Where does that leave New Zealand? We have pushed ahead with an emissions trading scheme that has been modified to mirror a non-existent Australian scheme. It is about to get more expensive to do business in New Zealand which is the last thing we need as we struggle to pull ourselves out of a recession.

The start date for our scheme for the industrial and energy sectors is the middle of this year. The time to get all the implementation details finalised is extremely tight. Reliance on the Australian developed methodology for working out which industrial activities need to be given an allocation to keep them internationally competitive has been a tactical mistake. Australia is a very different economy to New Zealand, with larger and more energy intensive industry. When we use their thresholds for allocation of assistance to industry, most of New Zealand industry will get no assistance at all. Fonterra falls into this category and if our single largest exporter gets not one jot of protection against the price of carbon, then the majority of industry will be in the same position in New Zealand. This is not exactly a recipe for trade success, new investment or job creation, quite the opposite in fact.

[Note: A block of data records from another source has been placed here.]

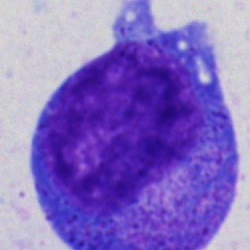
Specimen: bone marrow aspirate smear.
Cell type: promyelocyte.
Lineage: myeloid.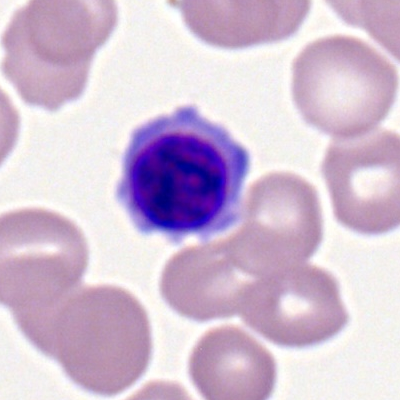Single-cell crop from a peripheral blood smear: nucleated red cell.
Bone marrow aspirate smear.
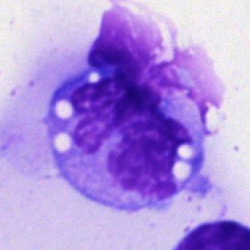 Cell type: monocyte.
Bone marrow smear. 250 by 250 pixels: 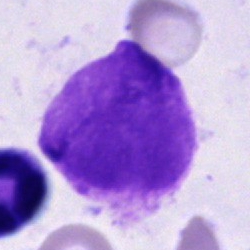
Q: What is shown here?
A: Artifact.

Adding to our challenges, the failure to reach a global agreement on emission reductions in Copenhagen puts the future of the carbon markets at risk. The whole point of emissions trading was that it was supposed to use the market mechanism to find the least costly way to reduce each tonne of emissions. All the easy, low cost emission reductions happen first and in industrial New Zealand they have largely already been done. There are still cheaper emission reduction opportunities in the developing world (investing in renewable energy projects etc) but that whole market opportunity is a creation of the Kyoto Protocol, and if Kyoto cannot be extended or replaced (and it looks increasingly like it won’t be) then where do New Zealand companies buy credits from two years from now and who will we be able to trade with?

We can’t trade with the European Union ETS, because they do not allow forestry credits in their scheme. Australia and the US are potentially a long way off creating emission trading markets that will be open to other countries. New Zealand is dependent on the Kyoto created trading which allows us to buy (supposedly) cheap emission reduction units from developing countries. If this opportunity dries up, then we have no-one to trade with and no international market. While there will be some NZ forestry credits to buy, they can also be sold overseas and there is no guarantee how many foresters will enter into the market, since by doing so they create a corresponding liability for themselves when the trees are harvested.

The best thing New Zealand could do with its domestic policy is take a tea break until our main trading competitors have enough political support to introduce their own trading schemes. We could use the tea break wisely by working out all the details of our emissions trading scheme so that we can hit the ground running when others are also in the starting blocks.

The next step for New Zealand at the international level is to signal to the UN what our emission reduction target by 2020 will be. So far we have a conditional 10-20% emission reduction target by 2020. However, with continuing population growth, our emissions are projected to be 40% above 1990 levels by 2020, which means a 20% reduction would require 43% emission reductions below the business as usual emissions in 2020. This is a huge ask and economic modelling shows it would be ruinous to the economy unless there were major new technology breakthroughs (unlikely in the next 10 years) and all other trading competitors took on similar targets (again unlikely due to the high cost to energy and jobs).

Public opinion research by the Greenhouse Policy Coalition tells us that Kiwi’s are in favour of New Zealand playing its part globally to reduce greenhouse gas emissions, but not if it is going to cost too much. How much is too much? People started to baulk at anything over about $250 per year. The current policy path we are on could cost each New Zealander $1400 or more a year, which was unacceptable to the majority (73%) surveyed.

Catherine Beard

Executive Director, Greenhouse Policy Coalition

Catherine Beard attended the climate change conference in Copenhagen on behalf of the energy intensive sector in New Zealand.